Restate word for word every line from the one containing "The person turns. For them, the turn goes" to the last line of the records below.

Segment Start: RECORDS FOR THIS TASK

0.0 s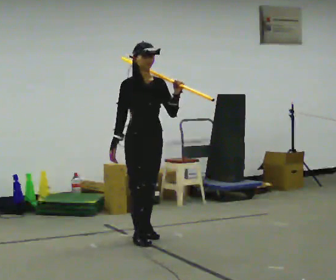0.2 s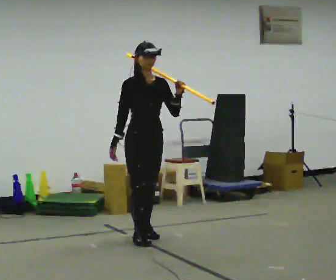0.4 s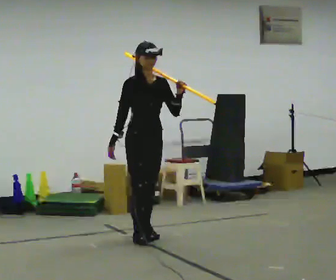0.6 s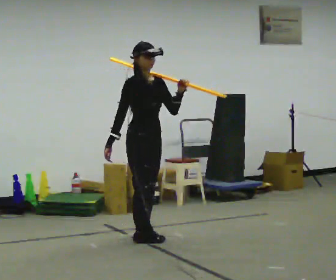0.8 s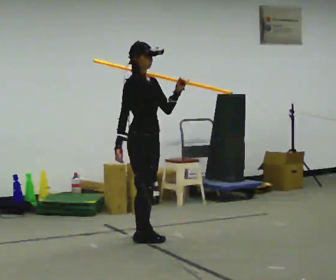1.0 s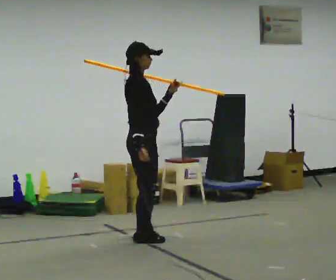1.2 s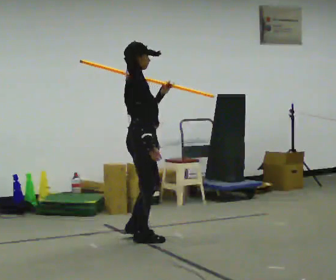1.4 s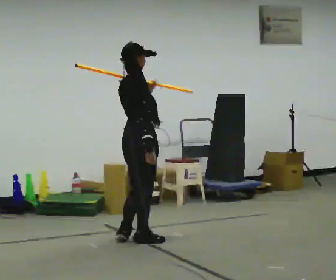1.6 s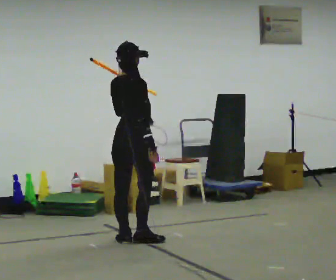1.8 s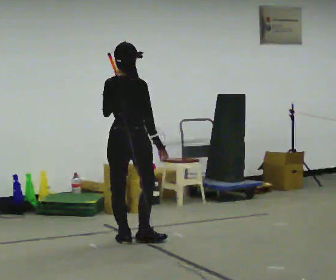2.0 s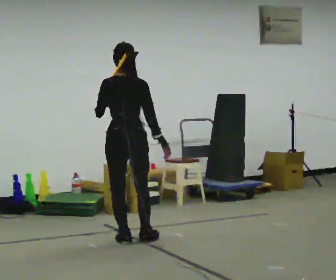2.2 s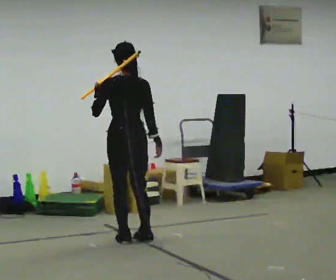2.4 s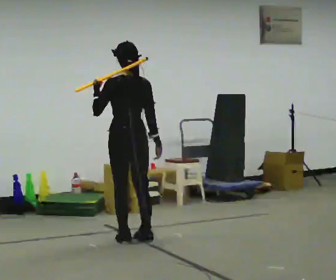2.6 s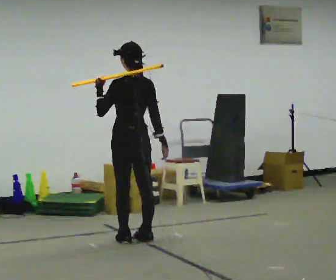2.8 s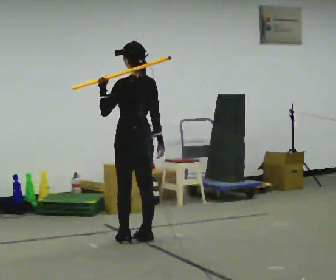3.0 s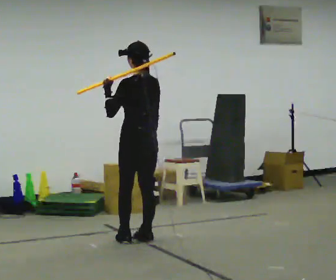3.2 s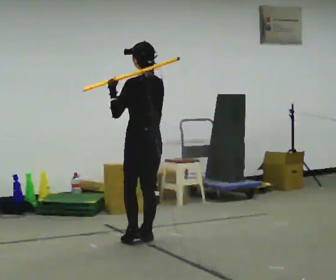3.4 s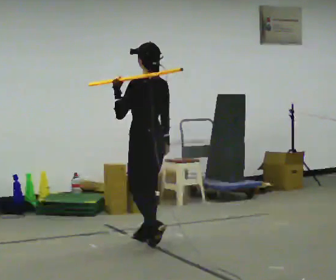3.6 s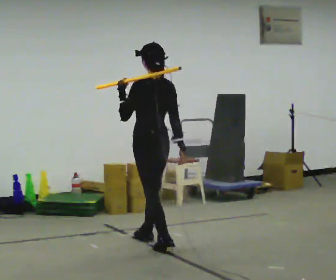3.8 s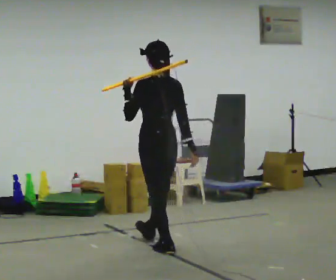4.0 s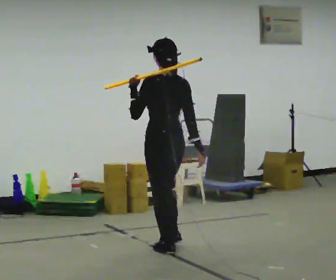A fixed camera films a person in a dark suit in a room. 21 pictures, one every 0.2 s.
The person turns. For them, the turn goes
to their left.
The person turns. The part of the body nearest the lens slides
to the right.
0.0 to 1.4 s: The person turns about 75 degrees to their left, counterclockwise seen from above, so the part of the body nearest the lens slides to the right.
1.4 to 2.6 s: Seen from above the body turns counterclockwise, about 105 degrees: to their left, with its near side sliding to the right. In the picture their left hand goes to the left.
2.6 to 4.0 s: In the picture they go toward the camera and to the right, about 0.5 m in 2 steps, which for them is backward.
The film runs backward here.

Segment End: RECORDS FOR THIS TASK

• WRITTEN REPLY:
The person turns. For them, the turn goes
to their left.
The person turns. The part of the body nearest the lens slides
to the right.
0.0 to 1.4 s: The person turns about 75 degrees to their left, counterclockwise seen from above, so the part of the body nearest the lens slides to the right.
1.4 to 2.6 s: Seen from above the body turns counterclockwise, about 105 degrees: to their left, with its near side sliding to the right. In the picture their left hand goes to the left.
2.6 to 4.0 s: In the picture they go toward the camera and to the right, about 0.5 m in 2 steps, which for them is backward.
The film runs backward here.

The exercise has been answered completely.